Akankah Partai Koalisi Pemerintah Tarik Dukungan Setelah Jokowi Umumkan Cawapres Pendampingnya?

akurat logo
Yudi Permana
Rabu, 25 April 2018 09:43 WIB
Share
 
Akankah Partai Koalisi Pemerintah Tarik Dukungan Setelah Jokowi Umumkan Cawapres Pendampingnya?

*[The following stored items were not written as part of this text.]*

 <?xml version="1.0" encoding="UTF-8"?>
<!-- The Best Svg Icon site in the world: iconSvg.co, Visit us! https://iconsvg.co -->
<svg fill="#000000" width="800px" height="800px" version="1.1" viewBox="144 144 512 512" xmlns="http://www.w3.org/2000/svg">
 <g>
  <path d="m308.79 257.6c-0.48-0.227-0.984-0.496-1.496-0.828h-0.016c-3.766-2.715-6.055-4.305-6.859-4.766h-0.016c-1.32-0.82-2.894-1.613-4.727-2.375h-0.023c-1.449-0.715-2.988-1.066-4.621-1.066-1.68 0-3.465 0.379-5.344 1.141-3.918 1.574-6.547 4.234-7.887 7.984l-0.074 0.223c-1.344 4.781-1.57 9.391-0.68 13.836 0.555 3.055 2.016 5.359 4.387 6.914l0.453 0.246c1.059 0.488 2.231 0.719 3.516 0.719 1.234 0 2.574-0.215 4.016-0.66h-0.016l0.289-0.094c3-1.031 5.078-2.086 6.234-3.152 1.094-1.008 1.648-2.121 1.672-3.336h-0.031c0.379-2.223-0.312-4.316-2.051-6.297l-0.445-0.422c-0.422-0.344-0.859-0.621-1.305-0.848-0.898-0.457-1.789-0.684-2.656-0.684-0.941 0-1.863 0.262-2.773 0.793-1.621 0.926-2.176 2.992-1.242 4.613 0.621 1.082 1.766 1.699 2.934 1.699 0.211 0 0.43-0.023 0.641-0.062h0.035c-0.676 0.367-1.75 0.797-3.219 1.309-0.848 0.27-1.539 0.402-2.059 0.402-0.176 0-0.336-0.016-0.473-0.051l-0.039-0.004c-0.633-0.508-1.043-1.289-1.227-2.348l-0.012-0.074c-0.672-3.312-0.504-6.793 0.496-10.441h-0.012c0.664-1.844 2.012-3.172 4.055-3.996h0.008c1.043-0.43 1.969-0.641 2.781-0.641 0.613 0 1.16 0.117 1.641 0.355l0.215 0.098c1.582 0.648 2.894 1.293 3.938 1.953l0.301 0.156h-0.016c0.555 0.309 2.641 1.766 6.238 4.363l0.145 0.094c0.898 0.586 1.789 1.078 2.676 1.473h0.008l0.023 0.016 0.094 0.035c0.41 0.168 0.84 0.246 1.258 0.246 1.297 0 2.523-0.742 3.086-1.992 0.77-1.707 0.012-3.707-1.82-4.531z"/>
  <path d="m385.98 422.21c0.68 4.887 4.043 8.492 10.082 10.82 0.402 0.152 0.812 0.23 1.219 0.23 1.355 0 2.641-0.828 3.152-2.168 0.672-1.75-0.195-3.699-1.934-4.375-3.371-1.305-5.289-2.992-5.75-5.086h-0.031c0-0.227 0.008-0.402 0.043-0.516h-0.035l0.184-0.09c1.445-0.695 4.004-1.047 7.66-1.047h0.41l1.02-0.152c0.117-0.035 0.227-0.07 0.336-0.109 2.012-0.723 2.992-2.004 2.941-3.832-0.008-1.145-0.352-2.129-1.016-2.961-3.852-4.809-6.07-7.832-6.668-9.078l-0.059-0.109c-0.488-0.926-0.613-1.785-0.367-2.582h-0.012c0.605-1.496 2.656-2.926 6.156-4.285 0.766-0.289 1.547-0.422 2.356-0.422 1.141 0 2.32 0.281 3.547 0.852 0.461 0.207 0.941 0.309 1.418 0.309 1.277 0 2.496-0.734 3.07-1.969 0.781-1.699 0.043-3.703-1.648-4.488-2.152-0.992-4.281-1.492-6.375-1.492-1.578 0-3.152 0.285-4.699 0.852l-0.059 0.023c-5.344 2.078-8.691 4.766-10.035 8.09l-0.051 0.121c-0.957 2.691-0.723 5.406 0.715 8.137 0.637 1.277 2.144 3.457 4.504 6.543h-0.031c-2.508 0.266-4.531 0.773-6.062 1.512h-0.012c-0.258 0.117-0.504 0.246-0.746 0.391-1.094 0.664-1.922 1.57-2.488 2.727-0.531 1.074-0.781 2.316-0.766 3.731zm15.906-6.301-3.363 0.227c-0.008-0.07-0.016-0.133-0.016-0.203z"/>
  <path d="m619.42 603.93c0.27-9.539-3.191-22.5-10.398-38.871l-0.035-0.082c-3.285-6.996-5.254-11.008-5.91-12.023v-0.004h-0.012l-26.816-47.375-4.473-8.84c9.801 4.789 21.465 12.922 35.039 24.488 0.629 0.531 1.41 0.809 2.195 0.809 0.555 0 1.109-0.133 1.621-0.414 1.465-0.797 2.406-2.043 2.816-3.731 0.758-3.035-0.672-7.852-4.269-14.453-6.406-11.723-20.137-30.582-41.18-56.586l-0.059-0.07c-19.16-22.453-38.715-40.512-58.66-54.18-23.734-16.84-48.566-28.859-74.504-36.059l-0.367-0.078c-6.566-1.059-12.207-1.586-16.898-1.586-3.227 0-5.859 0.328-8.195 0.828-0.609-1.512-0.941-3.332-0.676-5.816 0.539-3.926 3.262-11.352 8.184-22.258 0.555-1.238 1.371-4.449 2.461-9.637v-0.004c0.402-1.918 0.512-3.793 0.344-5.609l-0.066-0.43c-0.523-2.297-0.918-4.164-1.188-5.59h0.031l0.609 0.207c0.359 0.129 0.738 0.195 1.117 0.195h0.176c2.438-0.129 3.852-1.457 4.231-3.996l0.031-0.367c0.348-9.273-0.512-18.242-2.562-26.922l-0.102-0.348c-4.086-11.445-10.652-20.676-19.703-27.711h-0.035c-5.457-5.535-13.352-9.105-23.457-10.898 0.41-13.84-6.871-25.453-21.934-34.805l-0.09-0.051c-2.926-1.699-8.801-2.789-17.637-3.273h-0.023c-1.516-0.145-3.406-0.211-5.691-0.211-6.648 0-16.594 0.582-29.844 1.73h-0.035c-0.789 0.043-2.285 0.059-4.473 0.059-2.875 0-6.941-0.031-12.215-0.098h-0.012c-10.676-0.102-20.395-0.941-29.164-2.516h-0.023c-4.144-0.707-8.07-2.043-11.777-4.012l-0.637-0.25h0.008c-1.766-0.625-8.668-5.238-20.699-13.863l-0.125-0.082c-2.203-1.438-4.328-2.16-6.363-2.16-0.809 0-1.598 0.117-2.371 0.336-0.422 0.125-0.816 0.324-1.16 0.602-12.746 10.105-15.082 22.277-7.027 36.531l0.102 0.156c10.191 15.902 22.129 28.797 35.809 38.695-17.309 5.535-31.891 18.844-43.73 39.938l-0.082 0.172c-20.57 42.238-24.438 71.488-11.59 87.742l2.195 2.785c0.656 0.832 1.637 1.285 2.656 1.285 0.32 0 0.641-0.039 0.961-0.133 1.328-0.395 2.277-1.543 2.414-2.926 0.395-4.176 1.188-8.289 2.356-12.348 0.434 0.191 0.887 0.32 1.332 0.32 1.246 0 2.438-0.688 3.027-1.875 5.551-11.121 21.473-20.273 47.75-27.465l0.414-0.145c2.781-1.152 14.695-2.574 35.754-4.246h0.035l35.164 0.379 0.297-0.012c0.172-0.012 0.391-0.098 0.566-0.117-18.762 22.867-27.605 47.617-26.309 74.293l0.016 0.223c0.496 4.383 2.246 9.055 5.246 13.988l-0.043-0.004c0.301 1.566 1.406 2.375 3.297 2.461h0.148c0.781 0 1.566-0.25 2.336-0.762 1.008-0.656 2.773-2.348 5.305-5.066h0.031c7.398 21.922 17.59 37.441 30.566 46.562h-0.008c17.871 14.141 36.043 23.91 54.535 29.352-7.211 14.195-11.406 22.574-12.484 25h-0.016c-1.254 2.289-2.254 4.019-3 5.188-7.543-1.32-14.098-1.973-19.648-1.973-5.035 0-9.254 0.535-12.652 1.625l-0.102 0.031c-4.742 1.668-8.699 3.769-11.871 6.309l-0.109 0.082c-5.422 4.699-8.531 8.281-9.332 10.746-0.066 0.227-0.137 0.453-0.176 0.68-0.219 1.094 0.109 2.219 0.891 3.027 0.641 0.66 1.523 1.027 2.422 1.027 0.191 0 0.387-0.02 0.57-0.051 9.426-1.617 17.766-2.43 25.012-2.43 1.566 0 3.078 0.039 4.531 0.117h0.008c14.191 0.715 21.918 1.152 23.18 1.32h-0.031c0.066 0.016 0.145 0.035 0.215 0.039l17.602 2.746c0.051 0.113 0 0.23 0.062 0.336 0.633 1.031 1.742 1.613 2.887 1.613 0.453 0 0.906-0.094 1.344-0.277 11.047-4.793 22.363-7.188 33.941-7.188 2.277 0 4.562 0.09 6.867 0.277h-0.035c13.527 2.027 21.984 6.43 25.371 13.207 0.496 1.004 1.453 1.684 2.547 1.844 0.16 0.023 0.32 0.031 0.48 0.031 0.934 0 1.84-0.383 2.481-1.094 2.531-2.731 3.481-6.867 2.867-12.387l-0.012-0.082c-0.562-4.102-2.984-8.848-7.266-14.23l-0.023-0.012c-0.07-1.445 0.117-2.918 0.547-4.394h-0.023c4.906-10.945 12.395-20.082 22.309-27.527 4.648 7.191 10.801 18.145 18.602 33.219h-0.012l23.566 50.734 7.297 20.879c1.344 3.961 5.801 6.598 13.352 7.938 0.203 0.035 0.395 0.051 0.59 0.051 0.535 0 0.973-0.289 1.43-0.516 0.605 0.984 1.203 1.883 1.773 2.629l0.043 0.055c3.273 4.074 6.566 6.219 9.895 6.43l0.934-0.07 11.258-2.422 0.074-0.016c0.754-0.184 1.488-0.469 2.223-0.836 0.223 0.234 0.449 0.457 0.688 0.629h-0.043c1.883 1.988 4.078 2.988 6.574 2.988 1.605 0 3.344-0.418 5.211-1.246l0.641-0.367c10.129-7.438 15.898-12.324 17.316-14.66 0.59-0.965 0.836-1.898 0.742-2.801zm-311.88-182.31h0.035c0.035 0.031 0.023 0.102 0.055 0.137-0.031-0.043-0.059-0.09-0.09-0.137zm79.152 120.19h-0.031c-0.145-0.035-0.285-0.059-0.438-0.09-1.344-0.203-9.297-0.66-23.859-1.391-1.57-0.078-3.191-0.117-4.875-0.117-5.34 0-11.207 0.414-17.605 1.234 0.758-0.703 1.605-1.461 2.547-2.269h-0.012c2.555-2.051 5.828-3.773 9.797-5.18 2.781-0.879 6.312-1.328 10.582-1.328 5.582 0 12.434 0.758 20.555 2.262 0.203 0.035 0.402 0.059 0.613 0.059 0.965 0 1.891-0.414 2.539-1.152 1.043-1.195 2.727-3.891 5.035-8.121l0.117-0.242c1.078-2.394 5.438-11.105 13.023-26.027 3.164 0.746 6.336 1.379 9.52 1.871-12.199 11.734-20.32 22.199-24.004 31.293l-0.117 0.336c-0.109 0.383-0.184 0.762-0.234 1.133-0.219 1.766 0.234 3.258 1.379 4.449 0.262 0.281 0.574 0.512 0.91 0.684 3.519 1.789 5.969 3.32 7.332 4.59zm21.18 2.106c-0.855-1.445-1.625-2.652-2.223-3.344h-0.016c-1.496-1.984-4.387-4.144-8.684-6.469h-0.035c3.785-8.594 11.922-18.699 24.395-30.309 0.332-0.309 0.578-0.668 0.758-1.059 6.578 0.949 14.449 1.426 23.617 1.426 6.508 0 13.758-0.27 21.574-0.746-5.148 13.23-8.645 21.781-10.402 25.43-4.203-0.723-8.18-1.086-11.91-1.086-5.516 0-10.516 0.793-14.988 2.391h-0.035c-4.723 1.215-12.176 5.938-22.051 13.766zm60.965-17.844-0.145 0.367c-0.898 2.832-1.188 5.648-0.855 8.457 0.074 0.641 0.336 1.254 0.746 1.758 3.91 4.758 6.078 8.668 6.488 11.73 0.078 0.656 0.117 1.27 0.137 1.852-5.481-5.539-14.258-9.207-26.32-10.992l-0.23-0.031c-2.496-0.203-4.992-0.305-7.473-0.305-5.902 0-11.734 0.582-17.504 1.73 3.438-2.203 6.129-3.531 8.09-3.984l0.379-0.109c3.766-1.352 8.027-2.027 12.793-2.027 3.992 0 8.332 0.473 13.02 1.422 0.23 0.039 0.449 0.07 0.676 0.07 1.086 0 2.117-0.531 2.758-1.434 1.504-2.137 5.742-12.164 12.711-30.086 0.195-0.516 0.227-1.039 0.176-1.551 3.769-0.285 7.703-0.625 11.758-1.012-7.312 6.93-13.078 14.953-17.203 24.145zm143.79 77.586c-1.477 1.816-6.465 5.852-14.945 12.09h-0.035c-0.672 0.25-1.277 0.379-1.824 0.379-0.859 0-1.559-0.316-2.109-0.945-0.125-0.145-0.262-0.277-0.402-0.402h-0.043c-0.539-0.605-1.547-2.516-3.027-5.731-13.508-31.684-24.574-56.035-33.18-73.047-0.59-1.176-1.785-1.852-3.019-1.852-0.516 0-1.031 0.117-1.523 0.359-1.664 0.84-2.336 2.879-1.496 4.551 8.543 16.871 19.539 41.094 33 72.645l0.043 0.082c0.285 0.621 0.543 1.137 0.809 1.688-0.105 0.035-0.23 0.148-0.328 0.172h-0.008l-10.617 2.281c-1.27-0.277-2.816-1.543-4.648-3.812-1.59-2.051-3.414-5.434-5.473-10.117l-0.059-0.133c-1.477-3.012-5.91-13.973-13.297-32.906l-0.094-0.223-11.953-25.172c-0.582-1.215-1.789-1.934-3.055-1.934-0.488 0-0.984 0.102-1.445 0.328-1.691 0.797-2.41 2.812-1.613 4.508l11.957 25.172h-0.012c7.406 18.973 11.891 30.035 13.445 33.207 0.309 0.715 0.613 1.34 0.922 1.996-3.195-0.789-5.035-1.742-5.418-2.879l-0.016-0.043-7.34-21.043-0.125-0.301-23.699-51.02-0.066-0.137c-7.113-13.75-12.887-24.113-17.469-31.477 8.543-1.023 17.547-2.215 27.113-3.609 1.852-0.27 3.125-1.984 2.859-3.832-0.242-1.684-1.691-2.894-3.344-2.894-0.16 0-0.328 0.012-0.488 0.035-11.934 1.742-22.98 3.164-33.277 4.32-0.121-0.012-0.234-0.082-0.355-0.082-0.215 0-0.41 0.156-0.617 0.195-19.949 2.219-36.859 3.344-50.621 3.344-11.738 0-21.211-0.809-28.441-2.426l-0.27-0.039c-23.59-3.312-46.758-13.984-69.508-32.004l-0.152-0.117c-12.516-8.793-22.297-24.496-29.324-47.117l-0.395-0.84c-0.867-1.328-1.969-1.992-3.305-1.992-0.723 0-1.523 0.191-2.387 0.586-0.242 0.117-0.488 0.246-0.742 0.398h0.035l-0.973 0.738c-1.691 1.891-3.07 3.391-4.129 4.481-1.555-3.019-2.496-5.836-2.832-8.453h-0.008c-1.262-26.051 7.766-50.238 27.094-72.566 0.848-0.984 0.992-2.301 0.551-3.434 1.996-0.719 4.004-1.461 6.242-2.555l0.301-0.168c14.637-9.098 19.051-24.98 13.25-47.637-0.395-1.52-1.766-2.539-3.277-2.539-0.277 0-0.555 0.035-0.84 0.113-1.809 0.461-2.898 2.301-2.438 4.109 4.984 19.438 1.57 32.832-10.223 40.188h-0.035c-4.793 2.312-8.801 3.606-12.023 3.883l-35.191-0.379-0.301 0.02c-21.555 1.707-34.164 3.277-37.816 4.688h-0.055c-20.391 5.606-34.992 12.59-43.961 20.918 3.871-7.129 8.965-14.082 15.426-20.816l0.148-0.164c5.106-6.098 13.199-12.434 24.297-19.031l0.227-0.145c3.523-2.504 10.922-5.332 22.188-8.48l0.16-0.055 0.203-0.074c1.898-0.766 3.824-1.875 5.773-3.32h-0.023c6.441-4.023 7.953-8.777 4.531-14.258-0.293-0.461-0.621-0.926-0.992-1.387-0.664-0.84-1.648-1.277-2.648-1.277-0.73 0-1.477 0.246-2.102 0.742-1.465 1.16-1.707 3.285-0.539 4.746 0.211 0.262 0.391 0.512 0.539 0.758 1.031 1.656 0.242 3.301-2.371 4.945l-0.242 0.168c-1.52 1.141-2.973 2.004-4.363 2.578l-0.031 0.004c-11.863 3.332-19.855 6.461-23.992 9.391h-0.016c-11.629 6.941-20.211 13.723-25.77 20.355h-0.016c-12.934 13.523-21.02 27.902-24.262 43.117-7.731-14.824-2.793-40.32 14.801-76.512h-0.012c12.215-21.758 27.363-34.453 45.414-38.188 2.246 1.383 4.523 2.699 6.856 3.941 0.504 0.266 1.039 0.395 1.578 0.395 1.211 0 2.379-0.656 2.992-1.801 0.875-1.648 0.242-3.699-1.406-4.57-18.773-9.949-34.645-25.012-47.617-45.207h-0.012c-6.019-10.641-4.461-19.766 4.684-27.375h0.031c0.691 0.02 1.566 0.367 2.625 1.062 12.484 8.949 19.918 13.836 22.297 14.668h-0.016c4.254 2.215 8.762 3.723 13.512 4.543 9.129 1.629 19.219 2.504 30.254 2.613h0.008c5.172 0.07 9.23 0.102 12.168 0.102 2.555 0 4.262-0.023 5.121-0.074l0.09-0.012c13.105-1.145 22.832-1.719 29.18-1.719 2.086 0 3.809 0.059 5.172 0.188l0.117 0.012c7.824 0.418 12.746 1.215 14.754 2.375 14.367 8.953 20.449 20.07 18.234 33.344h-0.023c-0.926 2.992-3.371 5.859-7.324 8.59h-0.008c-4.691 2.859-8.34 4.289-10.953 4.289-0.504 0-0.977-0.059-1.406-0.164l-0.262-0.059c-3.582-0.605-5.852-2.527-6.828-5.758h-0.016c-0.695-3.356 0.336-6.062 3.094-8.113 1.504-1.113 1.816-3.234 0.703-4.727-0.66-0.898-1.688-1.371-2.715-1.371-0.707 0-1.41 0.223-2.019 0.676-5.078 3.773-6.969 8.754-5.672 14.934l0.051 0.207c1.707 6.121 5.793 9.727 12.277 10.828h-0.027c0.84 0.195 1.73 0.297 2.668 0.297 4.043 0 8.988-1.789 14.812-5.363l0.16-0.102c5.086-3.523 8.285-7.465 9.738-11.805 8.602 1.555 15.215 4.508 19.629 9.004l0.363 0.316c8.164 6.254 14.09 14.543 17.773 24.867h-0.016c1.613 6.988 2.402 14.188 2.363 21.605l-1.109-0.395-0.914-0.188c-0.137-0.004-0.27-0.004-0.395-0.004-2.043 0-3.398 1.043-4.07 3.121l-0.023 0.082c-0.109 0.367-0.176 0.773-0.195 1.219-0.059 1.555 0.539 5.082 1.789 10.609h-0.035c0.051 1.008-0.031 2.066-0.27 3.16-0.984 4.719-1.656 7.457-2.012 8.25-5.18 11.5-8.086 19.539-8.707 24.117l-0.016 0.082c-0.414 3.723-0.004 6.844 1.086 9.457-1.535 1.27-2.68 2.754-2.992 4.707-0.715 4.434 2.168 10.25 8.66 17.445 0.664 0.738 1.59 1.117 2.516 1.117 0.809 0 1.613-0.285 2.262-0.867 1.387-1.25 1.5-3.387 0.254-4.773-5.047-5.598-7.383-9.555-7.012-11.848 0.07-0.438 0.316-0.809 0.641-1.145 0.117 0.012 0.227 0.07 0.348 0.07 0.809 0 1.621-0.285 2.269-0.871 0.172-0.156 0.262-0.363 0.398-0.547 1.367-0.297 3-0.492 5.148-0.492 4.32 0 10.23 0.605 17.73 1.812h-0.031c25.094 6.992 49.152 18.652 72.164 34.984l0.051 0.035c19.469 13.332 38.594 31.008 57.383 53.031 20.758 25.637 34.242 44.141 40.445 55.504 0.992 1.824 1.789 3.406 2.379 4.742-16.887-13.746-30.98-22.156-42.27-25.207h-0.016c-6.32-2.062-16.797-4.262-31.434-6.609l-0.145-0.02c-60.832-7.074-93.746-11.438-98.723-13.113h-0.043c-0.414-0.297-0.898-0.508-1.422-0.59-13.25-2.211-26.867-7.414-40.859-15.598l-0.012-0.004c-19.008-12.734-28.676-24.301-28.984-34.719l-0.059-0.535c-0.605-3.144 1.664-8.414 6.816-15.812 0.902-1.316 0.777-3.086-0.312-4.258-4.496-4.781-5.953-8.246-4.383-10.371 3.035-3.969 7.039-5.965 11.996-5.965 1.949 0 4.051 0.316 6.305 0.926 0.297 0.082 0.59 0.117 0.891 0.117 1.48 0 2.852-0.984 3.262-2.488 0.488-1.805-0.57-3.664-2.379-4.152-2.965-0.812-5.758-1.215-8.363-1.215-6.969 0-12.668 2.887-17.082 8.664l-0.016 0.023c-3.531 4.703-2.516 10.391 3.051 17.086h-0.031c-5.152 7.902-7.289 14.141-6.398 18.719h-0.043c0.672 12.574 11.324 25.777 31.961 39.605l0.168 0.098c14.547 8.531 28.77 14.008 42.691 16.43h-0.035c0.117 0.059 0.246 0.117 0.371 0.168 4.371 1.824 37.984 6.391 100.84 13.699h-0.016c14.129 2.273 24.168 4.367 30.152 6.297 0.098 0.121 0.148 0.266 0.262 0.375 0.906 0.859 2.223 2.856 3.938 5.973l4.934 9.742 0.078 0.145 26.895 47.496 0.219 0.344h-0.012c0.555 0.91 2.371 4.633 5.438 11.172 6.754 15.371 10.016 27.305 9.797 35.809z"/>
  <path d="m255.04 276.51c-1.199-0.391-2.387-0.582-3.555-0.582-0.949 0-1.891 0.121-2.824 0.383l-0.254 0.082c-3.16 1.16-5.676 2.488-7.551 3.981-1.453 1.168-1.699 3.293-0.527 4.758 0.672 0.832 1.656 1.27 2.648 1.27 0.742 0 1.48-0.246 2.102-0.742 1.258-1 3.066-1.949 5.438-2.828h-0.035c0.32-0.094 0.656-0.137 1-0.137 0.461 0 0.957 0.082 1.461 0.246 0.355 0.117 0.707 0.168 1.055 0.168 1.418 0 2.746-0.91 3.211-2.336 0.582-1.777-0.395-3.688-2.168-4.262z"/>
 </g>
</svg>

(kanan ke kiri) Presiden RI Joko Widodo, Ketua Umum PDIP Megawati Soekarno Putri, Wakil Presiden Jusuf Kalla dan Presiden RI ke-3 BJ Habibie saat menumbuk padi secara simbolis sebagai pembukaan Rakornas Tiga Pilar PDI Perjuangan di Indonesia Convention Exhibition (ICE) BSD, Tangerang, Sabtu (16/12). Rakornas tiga Pilar PDIP Bidang Ekonomi Kerakyatan ini mengambil tema 'Berdikari untuk Indonesia Raya'. Ratusan UMKM dengan produk kreatifnya ditampilkan dalam acara ini. Selain itu, sejumlah workshop digelar untuk membekali para kader partai dalam memajukan ekonomi kerakyatan di daerah masing-masing. Turut hadir dalam acara ini Wakil Presiden Jusuf Kalla, Menteri Perindustrian Airlangga Hartarto, Menteri Dalam Negeri Tjahjo Kumolo, Menteri Koordinator Bidang Pemberdayaan Manusia dan Kebudayaan Puan Maharani dan juga beberapa Anggota DPR RI Fraksi PDIP. AKURAT.CO/Sopian

AKURAT.CO, Partai Demokrasi Indonesia (PDI) Perjuangan berharap tidak ada partai koalisi pemerintah yang menarik diri (tarik dukungan) setelah Presiden Joko Widodo (Jokowi) mengumumkan nama kandidat calon Wakil Presiden (Cawapres) yang akan menjadi pendampingnya di Pilpres 2019 nanti.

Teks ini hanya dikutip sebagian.